● Description of the task
Give back the entries that follow exactly as written. Any picture gets left out.

Data for this exercise section start

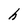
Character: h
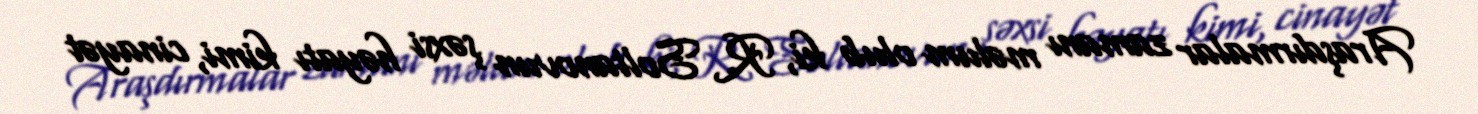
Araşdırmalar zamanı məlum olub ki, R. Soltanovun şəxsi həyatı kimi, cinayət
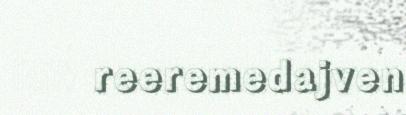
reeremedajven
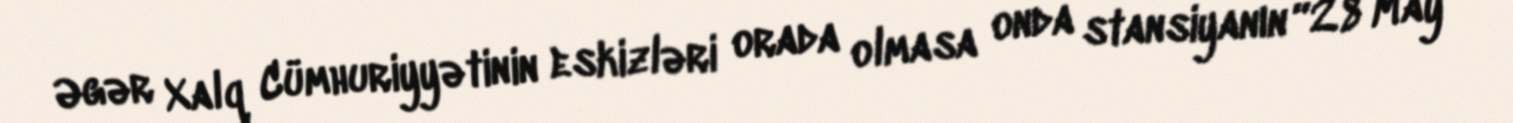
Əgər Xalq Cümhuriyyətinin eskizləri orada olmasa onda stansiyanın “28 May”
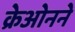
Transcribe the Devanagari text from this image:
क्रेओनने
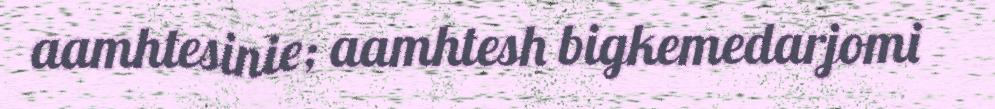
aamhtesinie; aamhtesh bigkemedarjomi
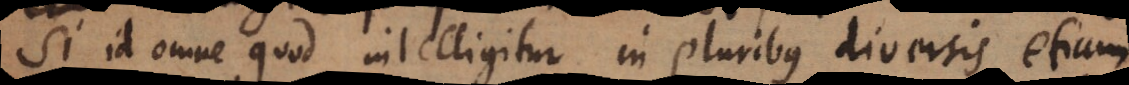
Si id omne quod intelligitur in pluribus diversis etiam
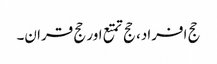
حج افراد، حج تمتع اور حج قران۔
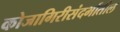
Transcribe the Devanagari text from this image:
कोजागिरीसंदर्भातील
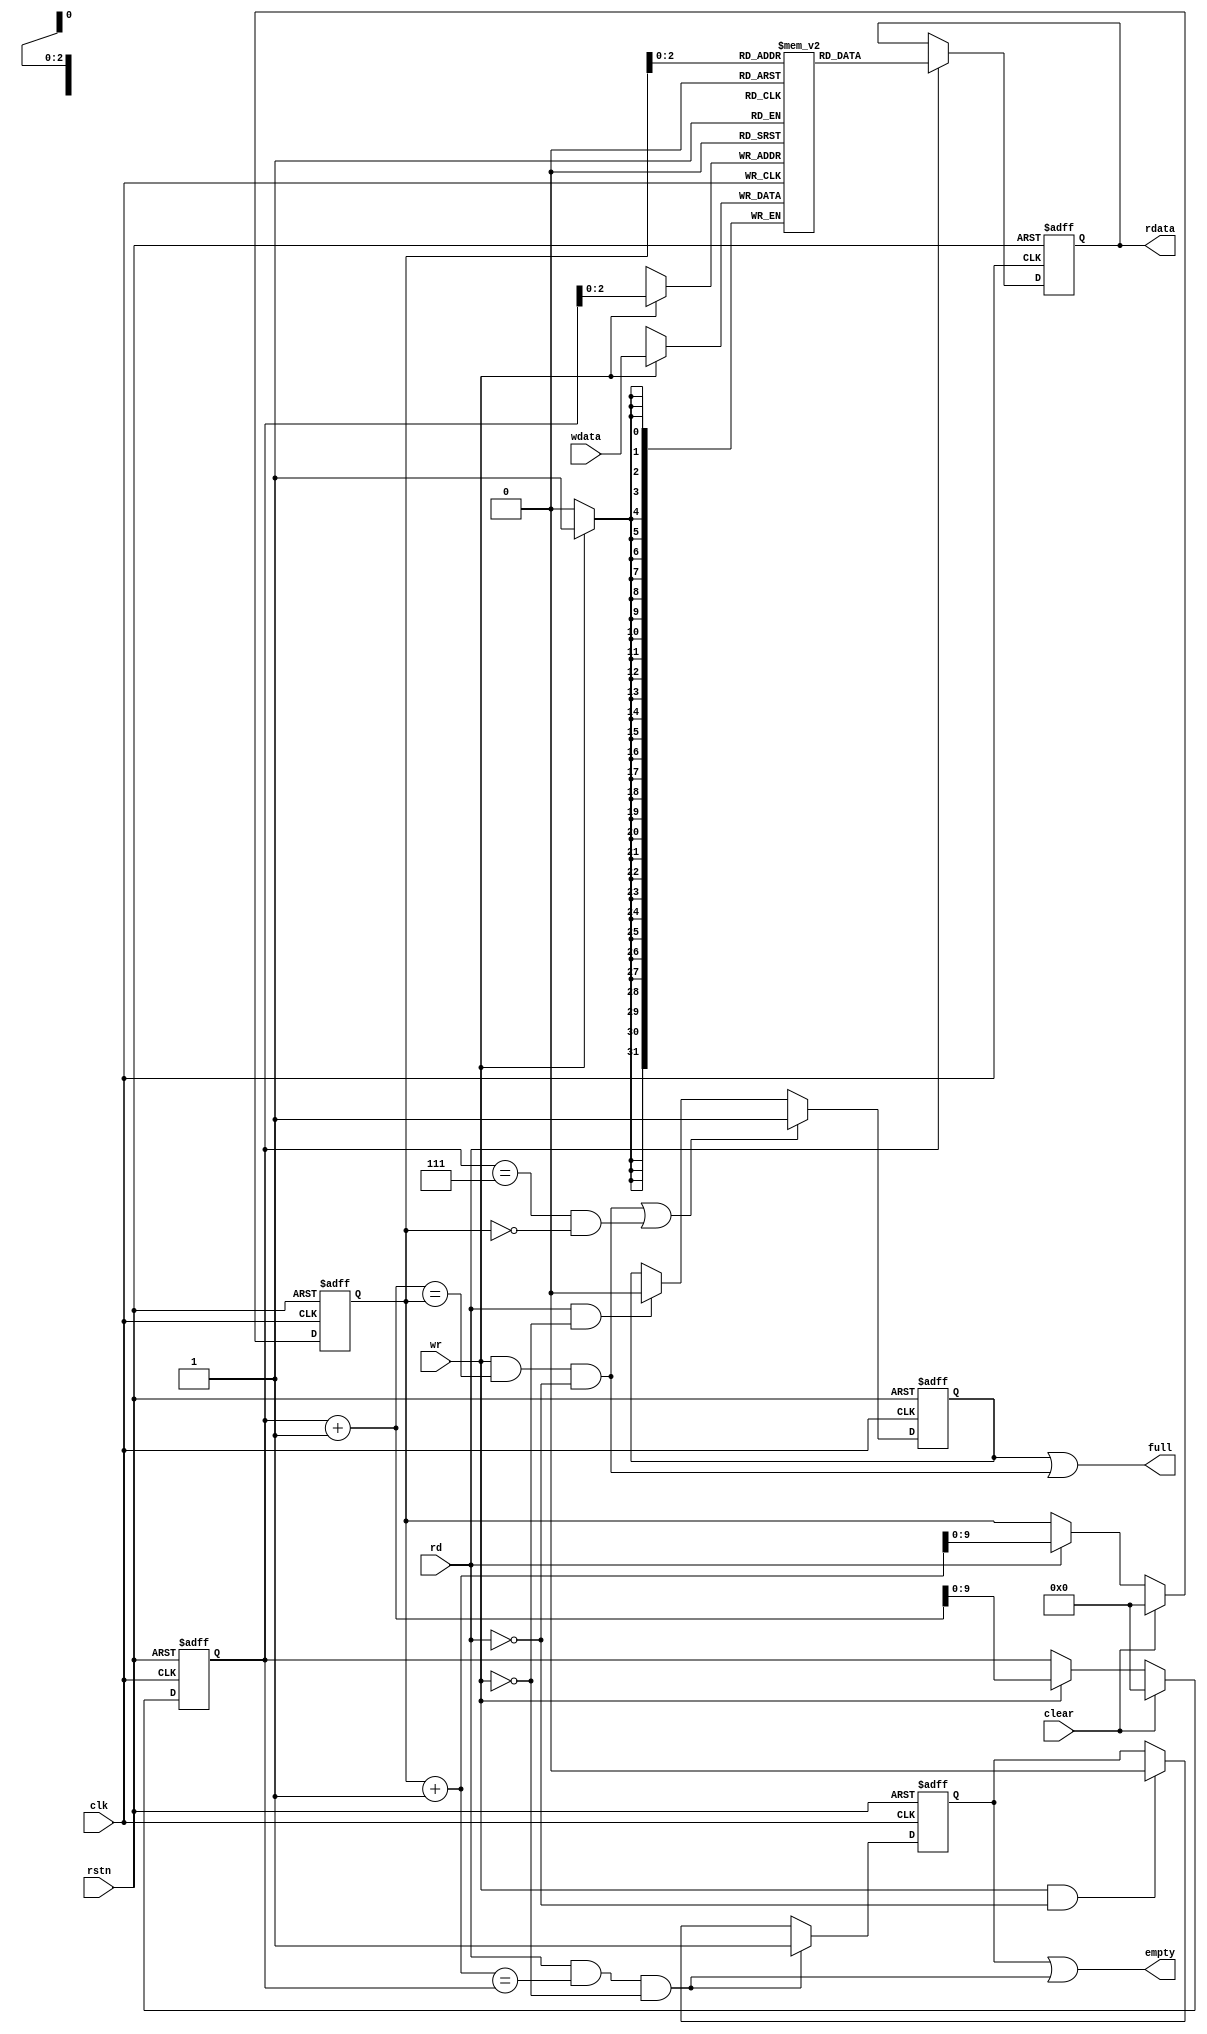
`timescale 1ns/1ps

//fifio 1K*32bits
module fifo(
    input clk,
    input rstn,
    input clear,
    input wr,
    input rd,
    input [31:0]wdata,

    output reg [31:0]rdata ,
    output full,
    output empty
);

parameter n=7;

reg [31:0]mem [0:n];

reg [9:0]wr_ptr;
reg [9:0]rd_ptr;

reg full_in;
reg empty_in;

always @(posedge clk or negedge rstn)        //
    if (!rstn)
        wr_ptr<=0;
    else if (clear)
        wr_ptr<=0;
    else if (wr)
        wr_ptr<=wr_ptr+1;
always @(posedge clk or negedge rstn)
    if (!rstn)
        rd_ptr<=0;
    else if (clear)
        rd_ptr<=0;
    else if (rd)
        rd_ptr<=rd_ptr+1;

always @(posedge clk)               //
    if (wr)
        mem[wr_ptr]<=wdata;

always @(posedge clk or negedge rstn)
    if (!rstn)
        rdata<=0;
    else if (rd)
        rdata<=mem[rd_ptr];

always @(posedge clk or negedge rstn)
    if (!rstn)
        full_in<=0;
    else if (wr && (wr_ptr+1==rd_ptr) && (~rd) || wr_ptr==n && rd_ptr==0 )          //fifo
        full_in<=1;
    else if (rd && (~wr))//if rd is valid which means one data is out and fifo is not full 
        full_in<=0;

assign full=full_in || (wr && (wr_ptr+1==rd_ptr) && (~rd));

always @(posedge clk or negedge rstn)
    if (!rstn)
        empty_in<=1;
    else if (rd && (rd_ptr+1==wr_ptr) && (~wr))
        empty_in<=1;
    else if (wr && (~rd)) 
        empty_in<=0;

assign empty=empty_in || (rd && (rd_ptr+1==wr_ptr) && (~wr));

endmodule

Data for this exercise section end

● Result for this task
Character: h
Araşdırmalar zamanı məlum olub ki, R. Soltanovun şəxsi həyatı kimi, cinayət
reeremedajven
Əgər Xalq Cümhuriyyətinin eskizləri orada olmasa onda stansiyanın “28 May”
Transcribe the Devanagari text from this image:
क्रेओनने
aamhtesinie; aamhtesh bigkemedarjomi
Si id omne quod intelligitur in pluribus diversis etiam
حج افراد، حج تمتع اور حج قران۔
Transcribe the Devanagari text from this image:
कोजागिरीसंदर्भातील
`timescale 1ns/1ps

//fifio 1K*32bits
module fifo(
    input clk,
    input rstn,
    input clear,
    input wr,
    input rd,
    input [31:0]wdata,

    output reg [31:0]rdata ,
    output full,
    output empty
);

parameter n=7;

reg [31:0]mem [0:n];

reg [9:0]wr_ptr;
reg [9:0]rd_ptr;

reg full_in;
reg empty_in;

always @(posedge clk or negedge rstn)        //
    if (!rstn)
        wr_ptr<=0;
    else if (clear)
        wr_ptr<=0;
    else if (wr)
        wr_ptr<=wr_ptr+1;
always @(posedge clk or negedge rstn)
    if (!rstn)
        rd_ptr<=0;
    else if (clear)
        rd_ptr<=0;
    else if (rd)
        rd_ptr<=rd_ptr+1;

always @(posedge clk)               //
    if (wr)
        mem[wr_ptr]<=wdata;

always @(posedge clk or negedge rstn)
    if (!rstn)
        rdata<=0;
    else if (rd)
        rdata<=mem[rd_ptr];

always @(posedge clk or negedge rstn)
    if (!rstn)
        full_in<=0;
    else if (wr && (wr_ptr+1==rd_ptr) && (~rd) || wr_ptr==n && rd_ptr==0 )          //fifo
        full_in<=1;
    else if (rd && (~wr))//if rd is valid which means one data is out and fifo is not full 
        full_in<=0;

assign full=full_in || (wr && (wr_ptr+1==rd_ptr) && (~rd));

always @(posedge clk or negedge rstn)
    if (!rstn)
        empty_in<=1;
    else if (rd && (rd_ptr+1==wr_ptr) && (~wr))
        empty_in<=1;
    else if (wr && (~rd)) 
        empty_in<=0;

assign empty=empty_in || (rd && (rd_ptr+1==wr_ptr) && (~wr));

endmodule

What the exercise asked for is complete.